On the other front, because the betrayal has torn down your fantasy of the community you were in, it raises questions of what was real and what was not. If you are fortunate, you start to re-engage a new community but it’s with the condition that authenticity, honesty and brokenness are celebrated alongside reconciliation, redemption and a lot of patience with each other. And there’s no guarantee you’ll get it. If you were fooled once, who’s to say, you won’t be fooled again. It takes a lot of faith and trembling to step back in and risk once again.

The only answer is a new perspective of the fantasy world and the “real” world. It can only be found at the Cross. It can only be gained through repentance. It can only be understood through the Gospel story that takes my past, my present “middle” and my future and offers healing, hope and eventual reconciliation, even with my betrayer.

In Christ’s “Neverland” we will never grow old. And we will never be betrayed again.

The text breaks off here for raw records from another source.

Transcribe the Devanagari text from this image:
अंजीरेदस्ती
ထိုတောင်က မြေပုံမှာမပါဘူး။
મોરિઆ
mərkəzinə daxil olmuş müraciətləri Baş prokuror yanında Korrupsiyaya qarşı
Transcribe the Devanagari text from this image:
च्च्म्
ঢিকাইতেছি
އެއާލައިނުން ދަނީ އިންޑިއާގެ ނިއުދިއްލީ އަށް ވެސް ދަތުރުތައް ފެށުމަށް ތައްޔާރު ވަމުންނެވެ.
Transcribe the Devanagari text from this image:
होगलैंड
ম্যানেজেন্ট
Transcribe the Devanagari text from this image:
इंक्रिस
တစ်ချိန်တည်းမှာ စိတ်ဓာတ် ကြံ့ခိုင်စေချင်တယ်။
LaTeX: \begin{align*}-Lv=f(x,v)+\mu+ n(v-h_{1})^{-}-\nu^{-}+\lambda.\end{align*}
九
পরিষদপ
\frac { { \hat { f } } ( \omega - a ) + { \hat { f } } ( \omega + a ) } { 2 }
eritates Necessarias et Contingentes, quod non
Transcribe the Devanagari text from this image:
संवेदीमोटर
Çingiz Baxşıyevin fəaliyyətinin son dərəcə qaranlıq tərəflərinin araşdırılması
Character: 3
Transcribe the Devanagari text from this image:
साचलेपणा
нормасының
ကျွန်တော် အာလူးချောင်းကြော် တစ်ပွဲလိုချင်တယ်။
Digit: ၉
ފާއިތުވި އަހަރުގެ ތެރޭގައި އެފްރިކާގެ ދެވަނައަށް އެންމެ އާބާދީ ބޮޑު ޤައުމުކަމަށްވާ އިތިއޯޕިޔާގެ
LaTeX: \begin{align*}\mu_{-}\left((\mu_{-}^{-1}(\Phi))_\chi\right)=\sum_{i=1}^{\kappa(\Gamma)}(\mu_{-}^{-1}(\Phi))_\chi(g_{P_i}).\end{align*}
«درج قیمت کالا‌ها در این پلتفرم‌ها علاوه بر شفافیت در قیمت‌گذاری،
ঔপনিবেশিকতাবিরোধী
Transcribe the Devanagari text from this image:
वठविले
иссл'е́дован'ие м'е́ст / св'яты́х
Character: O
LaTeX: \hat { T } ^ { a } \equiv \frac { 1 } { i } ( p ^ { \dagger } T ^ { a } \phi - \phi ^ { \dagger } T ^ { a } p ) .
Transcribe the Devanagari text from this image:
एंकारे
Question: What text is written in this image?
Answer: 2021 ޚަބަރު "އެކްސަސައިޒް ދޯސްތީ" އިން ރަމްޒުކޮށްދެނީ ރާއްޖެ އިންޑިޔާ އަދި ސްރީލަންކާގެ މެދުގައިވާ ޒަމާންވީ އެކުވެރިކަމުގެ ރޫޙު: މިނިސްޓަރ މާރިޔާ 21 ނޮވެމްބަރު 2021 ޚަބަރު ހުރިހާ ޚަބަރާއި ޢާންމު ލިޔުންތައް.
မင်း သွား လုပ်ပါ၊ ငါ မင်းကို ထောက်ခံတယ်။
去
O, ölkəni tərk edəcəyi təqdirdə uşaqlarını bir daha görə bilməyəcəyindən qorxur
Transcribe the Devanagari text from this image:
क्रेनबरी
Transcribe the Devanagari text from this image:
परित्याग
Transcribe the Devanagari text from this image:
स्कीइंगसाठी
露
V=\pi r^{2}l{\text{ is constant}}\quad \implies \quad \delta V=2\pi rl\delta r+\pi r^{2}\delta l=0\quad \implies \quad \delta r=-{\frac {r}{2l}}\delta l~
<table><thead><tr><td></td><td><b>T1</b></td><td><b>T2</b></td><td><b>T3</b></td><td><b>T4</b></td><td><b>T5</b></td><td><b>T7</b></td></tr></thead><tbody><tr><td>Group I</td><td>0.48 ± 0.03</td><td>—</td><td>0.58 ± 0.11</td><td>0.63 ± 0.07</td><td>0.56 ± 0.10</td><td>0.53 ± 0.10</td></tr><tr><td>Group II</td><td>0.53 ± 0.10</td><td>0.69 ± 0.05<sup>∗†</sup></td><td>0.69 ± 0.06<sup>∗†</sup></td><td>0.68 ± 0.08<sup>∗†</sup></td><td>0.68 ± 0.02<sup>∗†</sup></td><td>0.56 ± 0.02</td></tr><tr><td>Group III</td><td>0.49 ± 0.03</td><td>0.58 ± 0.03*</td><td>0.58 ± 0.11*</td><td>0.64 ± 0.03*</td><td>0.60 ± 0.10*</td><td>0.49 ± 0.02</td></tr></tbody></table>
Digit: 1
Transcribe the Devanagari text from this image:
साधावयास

    Then I saw “a new heaven and a new earth,” for the first heaven and the first earth had passed away, and there was no longer any sea. I saw the Holy City, the new Jerusalem, coming down out of heaven from God, prepared as a bride beautifully dressed for her husband. And I heard a loud voice from the throne saying, “Look! God’s dwelling place is now among the people, and he will dwell with them. They will be his people, and God himself will be with them and be their God. ‘He will wipe every tear from their eyes. There will be no more death’ or mourning or crying or pain, for the old order of things has passed away.” (Rev. 21:1-4) 
Neverland was a good story---but I like this one better.